At work that afternoon, she rehearsed in her mind how she would have described the detective to Peter, if Peter were still around to talk to. First was the issue of professionalism, or lack thereof. Can a police detective show basic courtesy? Or is it beneath them to try?

Second, how could that cop have expected her to know at 7:30 a.m. that Gavin was dead when he’d only been found two hours earlier?

And third… Third…

This was what chilled her now as she approached the entrance to the garage on 18th Street. A quick glance in the sideview showed that after two miles and half a dozen turns, the fat goon in the old Lincoln was still behind her.

Third, how did the cop know Gavin had called her? Even if he had Gavin’s phone, he couldn’t have unlocked it to look at the call history because Gavin, the ultraparanoid computer security expert, used a six-digit passcode.

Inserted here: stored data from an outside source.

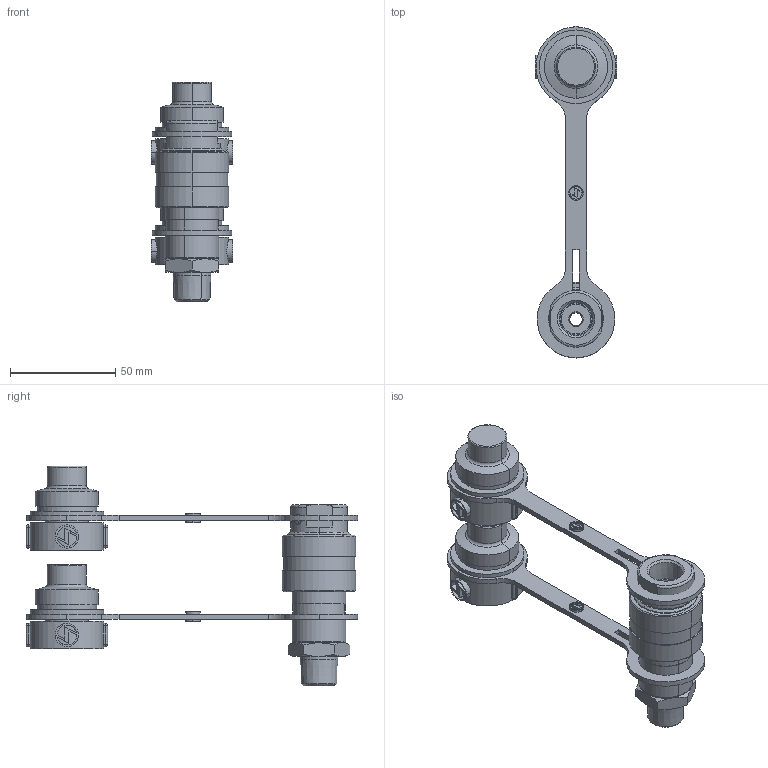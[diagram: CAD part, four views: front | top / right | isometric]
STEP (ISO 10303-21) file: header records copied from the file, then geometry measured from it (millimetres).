
FILE_DESCRIPTION (( 'STEP AP214' ), '1' );
FILE_NAME ('H0201.STEP', '2021-09-10T07:08:45', ( '' ), ( '' ), 'SwSTEP 2.0', 'SolidWorks 2019', '' );
FILE_SCHEMA (( 'AUTOMOTIVE_DESIGN' ));
Length unit declared in the file: millimetre
Products named in the file (1): H0201
Bounding box: 39 x 157.9 x 104.6 mm (x, y, z)
Surface area: 36826.7 mm2 (no closed solid volume)
Topology: 0 solids, 17 shells, 472 faces, 1532 edges, 1069 vertices
Faces by surface type: cylinder 212, plane 163, cone 40, bspline 31, sphere 16, torus 10
Entity records: 26453 total; most frequent: CARTESIAN_POINT 8538, ORIENTED_EDGE 2585, DIRECTION 2461, EDGE_CURVE 1516, VERTEX_POINT 1069, AXIS2_PLACEMENT_3D 912, VECTOR 637, LINE 637
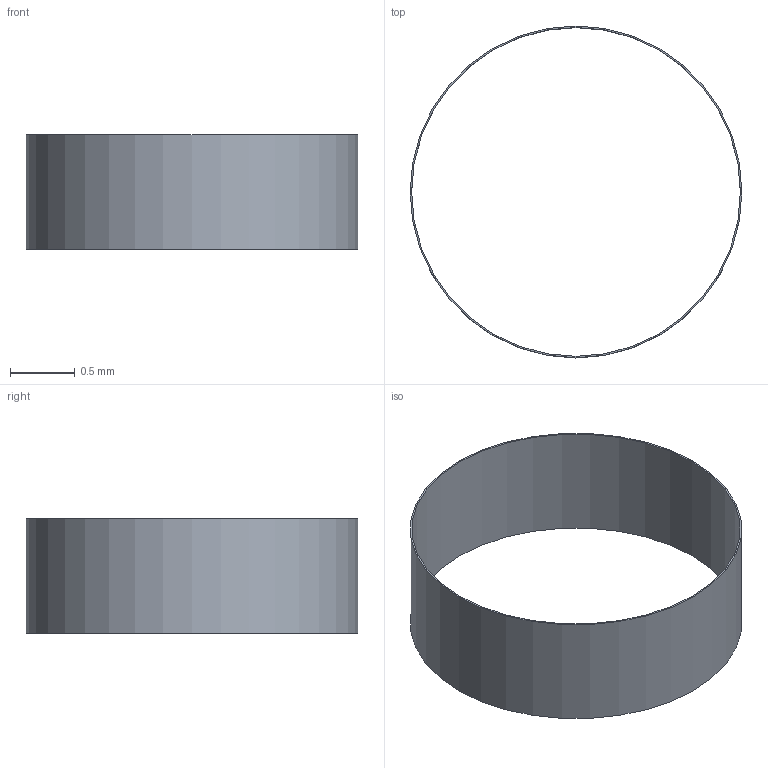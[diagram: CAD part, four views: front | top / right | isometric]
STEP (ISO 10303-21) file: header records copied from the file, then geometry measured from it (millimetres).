
FILE_DESCRIPTION(/* description */ (''),/* implementation_level */ '2;1');
FILE_NAME(/* name */ '827-7362-073',/* time_stamp */ '2000-05-10T14:01:21-05:00',/* author */ (''),/* organization */ (''),/* preprocessor_version */ 'ST-DEVELOPER 1.6',/* originating_system */ 'UNIGRAPHICS SOLUTIONS - UNIGRAPHICS 15.0',/* authorisation */ '');
FILE_SCHEMA (('CONFIG_CONTROL_DESIGN'));
Length unit declared in the file: inch
Products named in the file (1): rwhe54ca00mi
Bounding box: 2.57 x 2.57 x 0.89 mm (x, y, z)
Volume: 0.1 mm3; surface area: 14.4 mm2
Topology: 1 solids, 1 shells, 4 faces, 7 edges, 5 vertices
Faces by surface type: plane 2, cylinder 2
Full cylindrical faces by diameter (mm): 2.543 x1, 2.565 x1
Entity records: 176 total; most frequent: DIRECTION 18, CARTESIAN_POINT 13, AXIS2_PLACEMENT_3D 9, ORIENTED_EDGE 8, EDGE_LOOP 8, FACE_BOUND 8, ORGANIZATION 7, PERSON_AND_ORGANIZATION 7
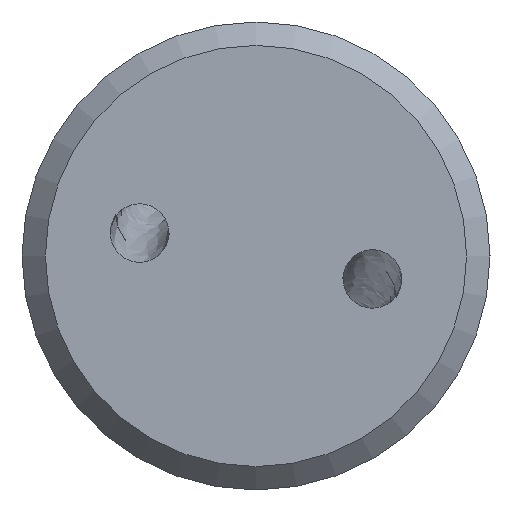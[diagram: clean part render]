
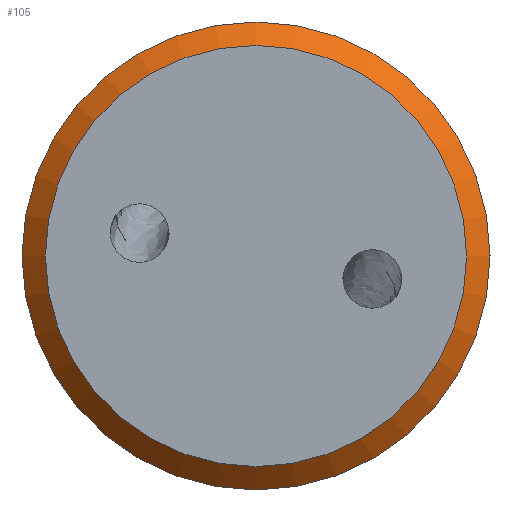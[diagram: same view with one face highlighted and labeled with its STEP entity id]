
A CAD part, left-side view. The second image highlights one B-rep face of the part: STEP entity #105.
In plain terms, the highlighted conical face has half-angle 45 degrees and reference radius 7 mm.
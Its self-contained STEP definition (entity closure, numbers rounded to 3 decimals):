
#24 = VERTEX_POINT('',#25);
#25 = CARTESIAN_POINT('',(-149.3,7.,0.));
#32 = CYLINDRICAL_SURFACE('',#33,7.);
#33 = AXIS2_PLACEMENT_3D('',#34,#35,#36);
#34 = CARTESIAN_POINT('',(0.,0.,0.));
#35 = DIRECTION('',(1.,0.,0.));
#36 = DIRECTION('',(0.,1.,0.));
#51 = EDGE_CURVE('',#24,#24,#52,.T.);
#52 = SURFACE_CURVE('',#53,(#58,#65),.PCURVE_S1.);
#53 = CIRCLE('',#54,7.);
#54 = AXIS2_PLACEMENT_3D('',#55,#56,#57);
#55 = CARTESIAN_POINT('',(-149.3,0.,0.));
#56 = DIRECTION('',(1.,0.,0.));
#57 = DIRECTION('',(-0.,1.,0.));
#58 = PCURVE('',#32,#59);
#59 = DEFINITIONAL_REPRESENTATION('',(#60),#64);
#60 = LINE('',#61,#62);
#61 = CARTESIAN_POINT('',(0.,-149.3));
#62 = VECTOR('',#63,1.);
#63 = DIRECTION('',(1.,0.));
#64 = ( GEOMETRIC_REPRESENTATION_CONTEXT(2) 
PARAMETRIC_REPRESENTATION_CONTEXT() REPRESENTATION_CONTEXT('2D SPACE',''
  ) );
#65 = PCURVE('',#66,#71);
#66 = CONICAL_SURFACE('',#67,7.,0.785);
#67 = AXIS2_PLACEMENT_3D('',#68,#69,#70);
#68 = CARTESIAN_POINT('',(-149.3,0.,0.));
#69 = DIRECTION('',(1.,0.,0.));
#70 = DIRECTION('',(-0.,1.,0.));
#71 = DEFINITIONAL_REPRESENTATION('',(#72),#76);
#72 = LINE('',#73,#74);
#73 = CARTESIAN_POINT('',(0.,-0.));
#74 = VECTOR('',#75,1.);
#75 = DIRECTION('',(1.,-0.));
#76 = ( GEOMETRIC_REPRESENTATION_CONTEXT(2) 
PARAMETRIC_REPRESENTATION_CONTEXT() REPRESENTATION_CONTEXT('2D SPACE',''
  ) );
#105 = ADVANCED_FACE('',(#106),#66,.T.);
#106 = FACE_BOUND('',#107,.F.);
#107 = EDGE_LOOP('',(#108,#129,#130,#131));
#108 = ORIENTED_EDGE('',*,*,#109,.F.);
#109 = EDGE_CURVE('',#24,#110,#112,.T.);
#110 = VERTEX_POINT('',#111);
#111 = CARTESIAN_POINT('',(-150.,6.3,0.));
#112 = SEAM_CURVE('',#113,(#117,#123),.PCURVE_S1.);
#113 = LINE('',#114,#115);
#114 = CARTESIAN_POINT('',(-149.3,7.,0.));
#115 = VECTOR('',#116,1.);
#116 = DIRECTION('',(-0.707,-0.707,-0.));
#117 = PCURVE('',#66,#118);
#118 = DEFINITIONAL_REPRESENTATION('',(#119),#122);
#119 = B_SPLINE_CURVE_WITH_KNOTS('',1,(#120,#121),.UNSPECIFIED.,.F.,.F.,
  (2,2),(0.,0.99),.PIECEWISE_BEZIER_KNOTS.);
#120 = CARTESIAN_POINT('',(0.,0.));
#121 = CARTESIAN_POINT('',(0.,-0.7));
#122 = ( GEOMETRIC_REPRESENTATION_CONTEXT(2) 
PARAMETRIC_REPRESENTATION_CONTEXT() REPRESENTATION_CONTEXT('2D SPACE',''
  ) );
#123 = PCURVE('',#66,#124);
#124 = DEFINITIONAL_REPRESENTATION('',(#125),#128);
#125 = B_SPLINE_CURVE_WITH_KNOTS('',1,(#126,#127),.UNSPECIFIED.,.F.,.F.,
  (2,2),(0.,0.99),.PIECEWISE_BEZIER_KNOTS.);
#126 = CARTESIAN_POINT('',(6.283,0.));
#127 = CARTESIAN_POINT('',(6.283,-0.7));
#128 = ( GEOMETRIC_REPRESENTATION_CONTEXT(2) 
PARAMETRIC_REPRESENTATION_CONTEXT() REPRESENTATION_CONTEXT('2D SPACE',''
  ) );
#129 = ORIENTED_EDGE('',*,*,#51,.T.);
#130 = ORIENTED_EDGE('',*,*,#109,.T.);
#131 = ORIENTED_EDGE('',*,*,#132,.F.);
#132 = EDGE_CURVE('',#110,#110,#133,.T.);
#133 = SURFACE_CURVE('',#134,(#139,#146),.PCURVE_S1.);
#134 = CIRCLE('',#135,6.3);
#135 = AXIS2_PLACEMENT_3D('',#136,#137,#138);
#136 = CARTESIAN_POINT('',(-150.,0.,0.));
#137 = DIRECTION('',(1.,0.,0.));
#138 = DIRECTION('',(-0.,1.,0.));
#139 = PCURVE('',#66,#140);
#140 = DEFINITIONAL_REPRESENTATION('',(#141),#145);
#141 = LINE('',#142,#143);
#142 = CARTESIAN_POINT('',(0.,-0.7));
#143 = VECTOR('',#144,1.);
#144 = DIRECTION('',(1.,-0.));
#145 = ( GEOMETRIC_REPRESENTATION_CONTEXT(2) 
PARAMETRIC_REPRESENTATION_CONTEXT() REPRESENTATION_CONTEXT('2D SPACE',''
  ) );
#146 = PCURVE('',#147,#152);
#147 = PLANE('',#148);
#148 = AXIS2_PLACEMENT_3D('',#149,#150,#151);
#149 = CARTESIAN_POINT('',(-150.,0.,0.)
  );
#150 = DIRECTION('',(1.,0.,0.));
#151 = DIRECTION('',(-0.,0.,1.));
#152 = DEFINITIONAL_REPRESENTATION('',(#153),#157);
#153 = CIRCLE('',#154,6.3);
#154 = AXIS2_PLACEMENT_2D('',#155,#156);
#155 = CARTESIAN_POINT('',(0.,0.));
#156 = DIRECTION('',(0.,-1.));
#157 = ( GEOMETRIC_REPRESENTATION_CONTEXT(2) 
PARAMETRIC_REPRESENTATION_CONTEXT() REPRESENTATION_CONTEXT('2D SPACE',''
  ) );
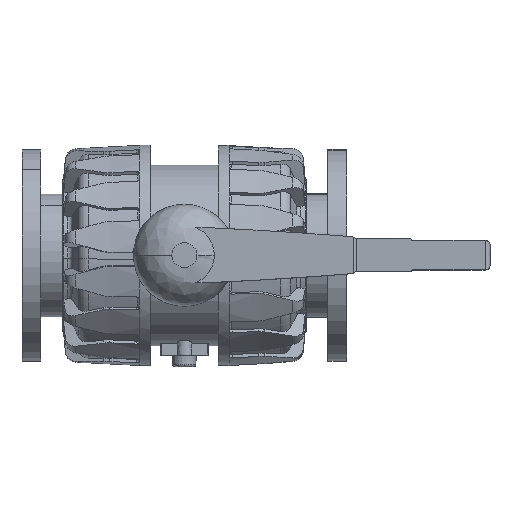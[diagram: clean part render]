
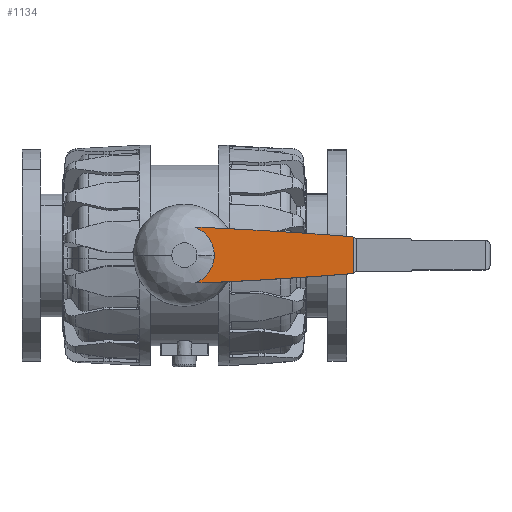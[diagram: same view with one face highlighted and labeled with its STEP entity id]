
A CAD part, top view. The second image highlights one B-rep face of the part: STEP entity #1134.
In plain terms, the highlighted planar face has unit normal (0, 0, 1).
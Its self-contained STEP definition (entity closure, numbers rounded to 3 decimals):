
#1134=ADVANCED_FACE('',(#3172),#3173,.T.);
#3172=FACE_OUTER_BOUND('',#6284,.T.);
#3173=PLANE('',#6285);
#6284=EDGE_LOOP('',(#9754,#9755,#9756,#9757,#9758,#9759,#9760,#9761,#9762));
#6285=AXIS2_PLACEMENT_3D('',#9763,#9764,#9765);
#9754=ORIENTED_EDGE('',*,*,#18772,.F.);
#9755=ORIENTED_EDGE('',*,*,#18780,.F.);
#9756=ORIENTED_EDGE('',*,*,#18785,.T.);
#9757=ORIENTED_EDGE('',*,*,#18831,.T.);
#9758=ORIENTED_EDGE('',*,*,#18864,.F.);
#9759=ORIENTED_EDGE('',*,*,#18815,.T.);
#9760=ORIENTED_EDGE('',*,*,#18805,.T.);
#9761=ORIENTED_EDGE('',*,*,#18790,.T.);
#9762=ORIENTED_EDGE('',*,*,#18758,.F.);
#9763=CARTESIAN_POINT('',(11.793,33.0,53.5));
#9764=DIRECTION('',(0.0,0.0,1.0));
#9765=DIRECTION('',(1.0,-0.0,0.0));
#18758=EDGE_CURVE('',#22448,#22450,#22451,.T.);
#18772=EDGE_CURVE('',#22472,#22448,#22474,.T.);
#18780=EDGE_CURVE('',#22482,#22472,#22484,.T.);
#18785=EDGE_CURVE('',#22482,#22490,#22492,.T.);
#18790=EDGE_CURVE('',#22498,#22450,#22499,.T.);
#18805=EDGE_CURVE('',#22523,#22498,#22524,.T.);
#18815=EDGE_CURVE('',#22539,#22523,#22540,.T.);
#18831=EDGE_CURVE('',#22490,#22562,#22564,.T.);
#18864=EDGE_CURVE('',#22539,#22562,#22613,.T.);
#22448=VERTEX_POINT('',#27899);
#22450=VERTEX_POINT('',#27910);
#22451=CIRCLE('',#27911,32.295);
#22472=VERTEX_POINT('',#27956);
#22474=CIRCLE('',#27961,32.295);
#22482=VERTEX_POINT('',#27970);
#22484=LINE('',#27973,#27974);
#22490=VERTEX_POINT('',#27987);
#22492=CIRCLE('',#27990,4640.612);
#22498=VERTEX_POINT('',#27997);
#22499=LINE('',#27998,#27999);
#22523=VERTEX_POINT('',#28040);
#22524=CIRCLE('',#28041,4640.612);
#22539=VERTEX_POINT('',#28086);
#22540=CIRCLE('',#28087,5.0);
#22562=VERTEX_POINT('',#28136);
#22564=CIRCLE('',#28145,5.0);
#22613=LINE('',#28237,#28238);
#27899=CARTESIAN_POINT('',(32.295,0.,53.5));
#27910=CARTESIAN_POINT('',(11.941,30.006,53.5));
#27911=AXIS2_PLACEMENT_3D('',#42772,#42773,#42774);
#27956=CARTESIAN_POINT('',(11.941,-30.006,53.5));
#27961=AXIS2_PLACEMENT_3D('',#42790,#42791,#42792);
#27970=CARTESIAN_POINT('',(19.094,-30.006,53.5));
#27973=CARTESIAN_POINT('',(19.094,-30.006,53.5));
#27974=VECTOR('',#42804,7.153);
#27987=CARTESIAN_POINT('',(180.535,-20.,53.5));
#27990=AXIS2_PLACEMENT_3D('',#42809,#42810,#42811);
#27997=CARTESIAN_POINT('',(19.094,30.006,53.5));
#27998=CARTESIAN_POINT('',(19.094,30.006,53.5));
#27999=VECTOR('',#42816,7.153);
#28040=CARTESIAN_POINT('',(180.535,20.,53.5));
#28041=AXIS2_PLACEMENT_3D('',#42834,#42835,#42836);
#28086=CARTESIAN_POINT('',(182.535,19.583,53.5));
#28087=AXIS2_PLACEMENT_3D('',#42842,#42843,#42844);
#28136=CARTESIAN_POINT('',(182.535,-19.583,53.5));
#28145=AXIS2_PLACEMENT_3D('',#42861,#42862,#42863);
#28237=CARTESIAN_POINT('',(182.535,19.583,53.5));
#28238=VECTOR('',#42901,39.165);
#42772=CARTESIAN_POINT('',(0.0,0.,53.5));
#42773=DIRECTION('',(0.0,0.0,1.0));
#42774=DIRECTION('',(-1.0,0.0,0.0));
#42790=CARTESIAN_POINT('',(0.0,0.,53.5));
#42791=DIRECTION('',(0.0,0.0,1.0));
#42792=DIRECTION('',(-1.0,0.0,0.0));
#42804=DIRECTION('',(-1.0,0.0,0.0));
#42809=CARTESIAN_POINT('',(-187.215,4606.017,53.5));
#42810=DIRECTION('',(0.0,0.0,1.0));
#42811=DIRECTION('',(1.0,0.0,0.0));
#42816=DIRECTION('',(-1.0,0.0,0.0));
#42834=CARTESIAN_POINT('',(-187.215,-4606.017,53.5));
#42835=DIRECTION('',(0.0,0.0,1.0));
#42836=DIRECTION('',(1.0,0.0,0.0));
#42842=CARTESIAN_POINT('',(180.535,15.0,53.5));
#42843=DIRECTION('',(0.0,0.0,1.0));
#42844=DIRECTION('',(1.0,0.0,0.0));
#42861=CARTESIAN_POINT('',(180.535,-15.0,53.5));
#42862=DIRECTION('',(0.0,0.0,1.0));
#42863=DIRECTION('',(1.0,0.0,0.0));
#42901=DIRECTION('',(0.0,-1.0,0.0));
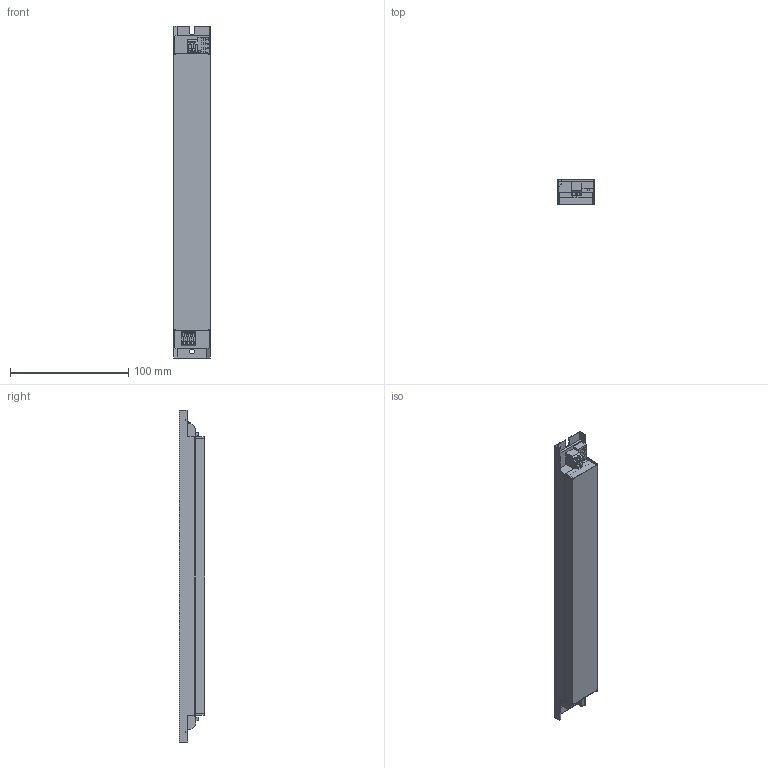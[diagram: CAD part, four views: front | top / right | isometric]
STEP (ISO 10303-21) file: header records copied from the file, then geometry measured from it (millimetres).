
FILE_DESCRIPTION (( 'STEP AP214' ), '1' );
FILE_NAME ('DR DS_P_40-90_L_NSV.STEP', '2024-04-25T12:43:13', ( '' ), ( '' ), 'SwSTEP 2.0', 'SolidWorks 2022', '' );
FILE_SCHEMA (( 'AUTOMOTIVE_DESIGN' ));
Length unit declared in the file: millimetre
Products named in the file (1): DR DS_P_40-90_L_NSV
Bounding box: 31 x 21.5 x 281 mm (x, y, z)
Volume: 119925.6 mm3; surface area: 87843.4 mm2
Topology: 6 solids, 6 shells, 387 faces, 1039 edges, 682 vertices
Faces by surface type: plane 323, bspline 38, cylinder 26
Entity records: 18866 total; most frequent: CARTESIAN_POINT 5099, ORIENTED_EDGE 2078, DIRECTION 1696, EDGE_CURVE 1039, LINE 894, VECTOR 894, VERTEX_POINT 682, EDGE_LOOP 407

The Lincoln didn’t follow her into the underground lot. She checked her mirrors as she descended to the second level, checked them again as she pulled into her spot. She cut the engine and sat quietly for a moment, listening for the knocking of the old Continental. When she was satisfied there was no one else around, she got out.

On the solitary walk from her parking spot to the elevators, a chilling image flashed in her mind—that rude cop pressing Gavin’s dead finger against the phone, scrolling through the call history, finding her name.

She pressed four inside the elevator, watched the doors slide shut, and wondered again what had led the detective to look for the owner of a New York phone number, area code 646, in a house on Oregon Avenue.

If they know he called, she wondered, do they also know what he said? And if they know what he said, why haven’t they been back to follow up?

She had deleted the message, but she remembered it verbatim. His last words to her:

“I’m pretty sure I screwed this up, so I’m passing the torch to you. If worse comes to worst, I know you’ll see this through. Love ya, babe. Sorry for the trouble.”